Fatal accident sparks emotional online debate
Reaction to reporting in The Martha's Vineyard Times on the accident that left a young Vineyard woman dead and two others injured has surprised, angered, and hurt many of the people who knew her, as well as many people in the Island's Brazilian community.
The Times reported that the driver of the van involved in the accident, Francellyo Dias, a native of Brazil, would be cited for driving without a valid license. The Times also reported that according to court records, Mr. Dias had appeared in Edgartown District Court three times for motor vehicle violations, including a March 1, 2007 charge of unlicensed operation of a motor vehicle. That charge was dismissed upon payment of $100 court costs and completion of eight hours of community service. The article said police intend to cite Michael Diaz, owner of the delivery van Mr. Dias was driving, for employing an unlicensed operator.
The news unleashed a torrent of reaction by readers using a Times' online feature that allows comment at the end of an article. There were nearly 100 comments posted in the first 24 hours following publication of the newspaper. By press time yesterday, there were more than 245 messages posted, a figure that does not include the posts deleted for inappropriate content.
Comments posted by readers on www.mvtimes.com ranged from sympathy to thoughtful discussion of the issues, to calls for boycotts, to condemnation of the court system, to inflammatory political remarks about immigration issues.
Pastor Paulo Tenório of Algreja Que Cresce or The Growing Church, a Vineyard Haven church that serves many Brazilians, said many churchgoers were upset about the accident and thought the Brazilian community was being unfairly singled out for blame. "I told the church Sunday, it's time to pray for the family, the girl, the Brazilian people that were hurt," he said.

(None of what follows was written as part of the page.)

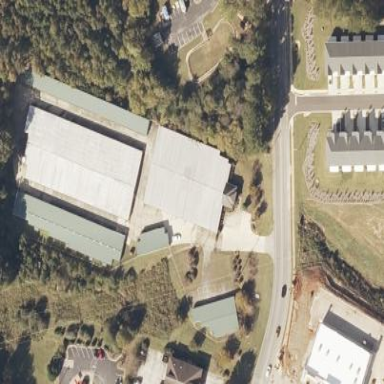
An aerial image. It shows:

Pastor Tenório said some were hurt by the comments posted by readers. He said he believes the number of people criticizing his community is a tiny percentage of the Island's population.
"Some people use vulgar words, they stereotype," said Pastor Tenório. "I don't think these people are responsible. They need help."

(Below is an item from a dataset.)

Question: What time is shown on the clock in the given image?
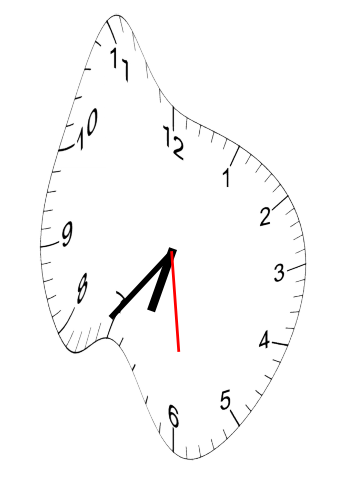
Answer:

Pastor Tenório and others criticized The Times for allowing inflammatory comments to be posted, and for allowing them to remain on-line.
Times editor Doug Cabral defended the comment feature. "The Times should reflect as broadly and completely as possible the true nature of our community," he said, "including the parts we admire and those that make us uneasy. We know it is a mistake to imagine that even the most liberal among us are content to see the contrary, and often harshly formulated, views of their neighbors reflected in the newspaper, in print or online. They'd like us to bar such disagreeable expressions. Without question, we Islanders are choosy as to whom and to what views we extend the Vineyard's celebrated warm embrace. A newspaper that wants to understand its community and its varied views must make a place for them all."

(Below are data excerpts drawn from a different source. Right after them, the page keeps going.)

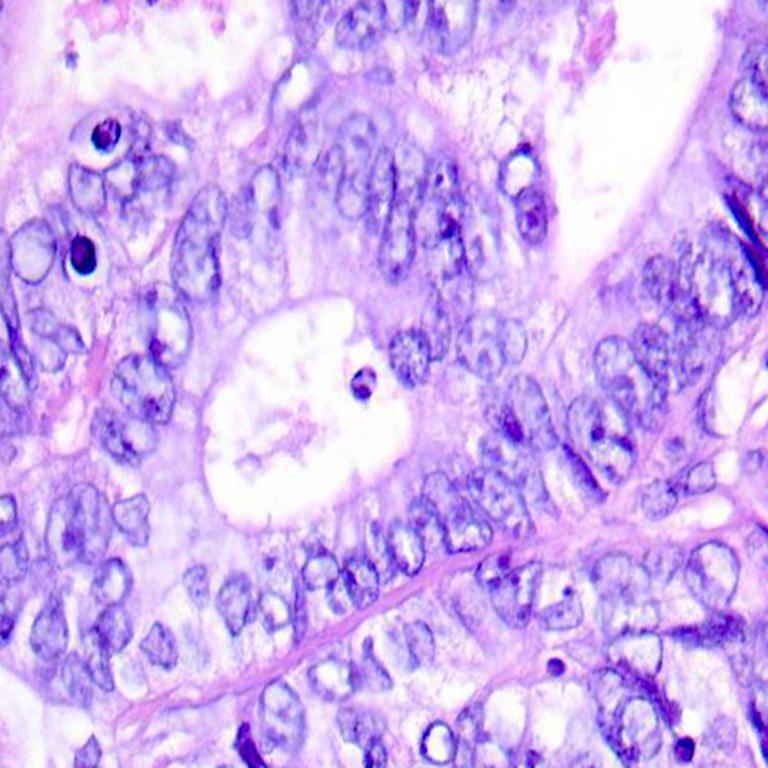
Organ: colon
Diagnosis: adenocarcinomas
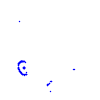
Particle: proton

Brandy Gibson's mother, Leslie DeOliveira, was among those who posted comments on-line. "To all of you that are turning this into a political hate fest, drop it now, please," wrote Ms. DeOliveira. "I'm asking you to stop the hate. We have enough of it in the rest of the world. The death of my daughter is hard enough on the many that knew her; let now be the time to remember her and share your feelings with others, not blaming, pointing fingers, or boycotting."
Ms. Gibson's aunt, Stephanie Berryman-DePaula, said in a phone interview on Tuesday, that her niece would have been very angry to read the comments.
"A good chunk of her family is from Brazil," said Ms. Berryman-DePaula. "A lot of her good friends are from Brazil. She would have been totally [angry] to argue. Brandy wasn't like that."